◆ Data extracted from a collection
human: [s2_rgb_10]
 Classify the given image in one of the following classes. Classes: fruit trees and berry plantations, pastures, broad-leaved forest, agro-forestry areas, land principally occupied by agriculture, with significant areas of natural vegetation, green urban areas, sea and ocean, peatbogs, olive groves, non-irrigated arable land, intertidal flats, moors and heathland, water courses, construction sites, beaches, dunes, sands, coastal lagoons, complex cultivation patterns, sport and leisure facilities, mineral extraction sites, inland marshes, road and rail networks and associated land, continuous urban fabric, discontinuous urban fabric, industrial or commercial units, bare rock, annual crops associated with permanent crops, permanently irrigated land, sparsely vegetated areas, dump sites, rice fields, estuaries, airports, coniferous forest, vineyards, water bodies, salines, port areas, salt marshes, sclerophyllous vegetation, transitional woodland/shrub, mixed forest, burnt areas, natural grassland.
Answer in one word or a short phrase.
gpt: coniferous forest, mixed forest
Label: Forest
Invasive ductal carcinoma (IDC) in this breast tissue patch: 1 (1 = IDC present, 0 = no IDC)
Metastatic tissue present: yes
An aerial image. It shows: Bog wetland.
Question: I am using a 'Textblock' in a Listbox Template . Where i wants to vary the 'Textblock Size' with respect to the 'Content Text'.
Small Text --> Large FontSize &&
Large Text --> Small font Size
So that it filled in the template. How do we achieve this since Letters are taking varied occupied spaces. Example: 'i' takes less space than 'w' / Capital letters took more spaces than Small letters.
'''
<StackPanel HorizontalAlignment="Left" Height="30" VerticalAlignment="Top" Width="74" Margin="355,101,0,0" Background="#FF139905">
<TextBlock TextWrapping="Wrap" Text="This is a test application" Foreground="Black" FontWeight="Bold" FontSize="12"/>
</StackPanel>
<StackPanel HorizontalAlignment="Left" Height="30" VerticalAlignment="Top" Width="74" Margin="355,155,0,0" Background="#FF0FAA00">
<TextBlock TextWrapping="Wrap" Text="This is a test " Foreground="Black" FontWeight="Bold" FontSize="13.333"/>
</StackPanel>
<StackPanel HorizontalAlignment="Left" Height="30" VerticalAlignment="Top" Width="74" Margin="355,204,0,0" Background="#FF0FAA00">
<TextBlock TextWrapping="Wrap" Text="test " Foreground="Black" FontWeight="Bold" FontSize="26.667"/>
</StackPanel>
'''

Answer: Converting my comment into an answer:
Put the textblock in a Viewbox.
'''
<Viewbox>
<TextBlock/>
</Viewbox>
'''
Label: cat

◆ Problem to solve
Find "Classify the given" in the entries above and copy that whole line exactly, then each line after it through the line that contains "Answer in one word or a short phrase.".

◆ Your response
 Classify the given image in one of the following classes. Classes: fruit trees and berry plantations, pastures, broad-leaved forest, agro-forestry areas, land principally occupied by agriculture, with significant areas of natural vegetation, green urban areas, sea and ocean, peatbogs, olive groves, non-irrigated arable land, intertidal flats, moors and heathland, water courses, construction sites, beaches, dunes, sands, coastal lagoons, complex cultivation patterns, sport and leisure facilities, mineral extraction sites, inland marshes, road and rail networks and associated land, continuous urban fabric, discontinuous urban fabric, industrial or commercial units, bare rock, annual crops associated with permanent crops, permanently irrigated land, sparsely vegetated areas, dump sites, rice fields, estuaries, airports, coniferous forest, vineyards, water bodies, salines, port areas, salt marshes, sclerophyllous vegetation, transitional woodland/shrub, mixed forest, burnt areas, natural grassland.
Answer in one word or a short phrase.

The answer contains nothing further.